U.S.-Russia Relationship, Kosovo, and Missile Defense

Daniel Fried, Assistant Secretary for European and Eurasian Affairs
Press Roundtable with Brussels-based Journalists
Brussels, Belgium
May 16, 2007

Assistant Secretary Fried: Thank you for coming in at short notice.

I arrived in Brussels this morning from Moscow where I accompanied Secretary Rice in her meetings in Russia. As you know, she met with President Putin, dinner with Foreign Minister Lavrov last night. She met with civil society representatives, as is her usual practice, and had a set of in-depth discussions on some of the problems in the relationship and some of the areas of cooperation in the relationship.

A lot has been written in response about her message to the Russians that we hope the tone of the relationship and the rhetoric around the relationship will improve. I must say that reporting is quite largely accurate. That is, she did deliver that message, and as you saw yesterday Foreign Minister Lavrov said he agreed, that the tone of the relationship had gotten - my words, not his - a bit out of whack, and that it was important that the rhetoric be moderate and constructive. Again, my words, not his. But that was important.

The U.S.-Russia relationship is by its nature going to be a complicated one because we have a complicated history. There are a great number of areas in which we're working together well. There are some areas in which we have disagreements. And we have to learn how to deal with the relationship which embraces areas of cooperation, areas of disagreement, and not let ourselves get tied into knots, swinging wildly one way or another.

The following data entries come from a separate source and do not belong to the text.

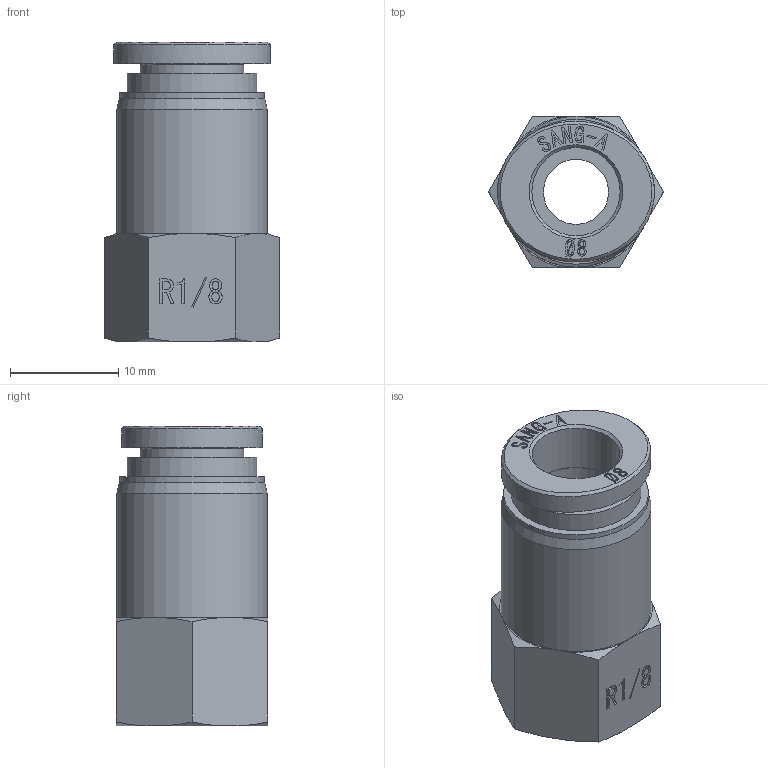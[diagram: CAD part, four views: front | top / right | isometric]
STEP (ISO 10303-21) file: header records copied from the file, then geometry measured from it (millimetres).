
FILE_DESCRIPTION((''),'2;1');
FILE_NAME('F-PCF 0801.stp','2020-11-23T14:32:17',('Administrator'),(''),'Autodesk Inventor 2013','Autodesk Inventor 2013','');
FILE_SCHEMA(('CONFIG_CONTROL_DESIGN'));
Length unit declared in the file: millimetre
Products named in the file (3): 조립품9; F-SLEEVE 08(SUS); F-PCF BODY 0801
Assembly tree (2 placements, depth 2):
  조립품9
    F-SLEEVE 08(SUS)
    F-PCF BODY 0801
Bounding box: 16.17 x 14 x 27.7 mm (x, y, z)
Volume: 2760.2 mm3; surface area: 2472.1 mm2
Topology: 2 solids, 2 shells, 287 faces, 756 edges, 503 vertices
Faces by surface type: bspline 131, plane 129, cone 17, cylinder 10
Full cylindrical faces by diameter (mm): 2.046 x1, 6 x1, 8.15 x1, 8.2 x1, 9.6 x1, 12 x1, 13.4 x1, 13.9 x1
Entity records: 9059 total; most frequent: CARTESIAN_POINT 2861, ORIENTED_EDGE 1476, DIRECTION 826, EDGE_CURVE 738, VERTEX_POINT 500, VECTOR 416, LINE 416, EDGE_LOOP 336

Secretary Rice had a good couple of days in Russia. There are issues on which we continue to disagree. Kosovo is one. Missile defense is another. We have said before that Russia needs to become accustomed to the fact of the independence and sovereignty of countries that were once in its sphere of influence or even Soviet-controlled, and realize these countries have found their own way in the world.

We also believe that it's natural for there to be political temptations in both Russia and some of these countries to take rhetorical swipes at each other, but we think a better future is one in which neighbors are working well together.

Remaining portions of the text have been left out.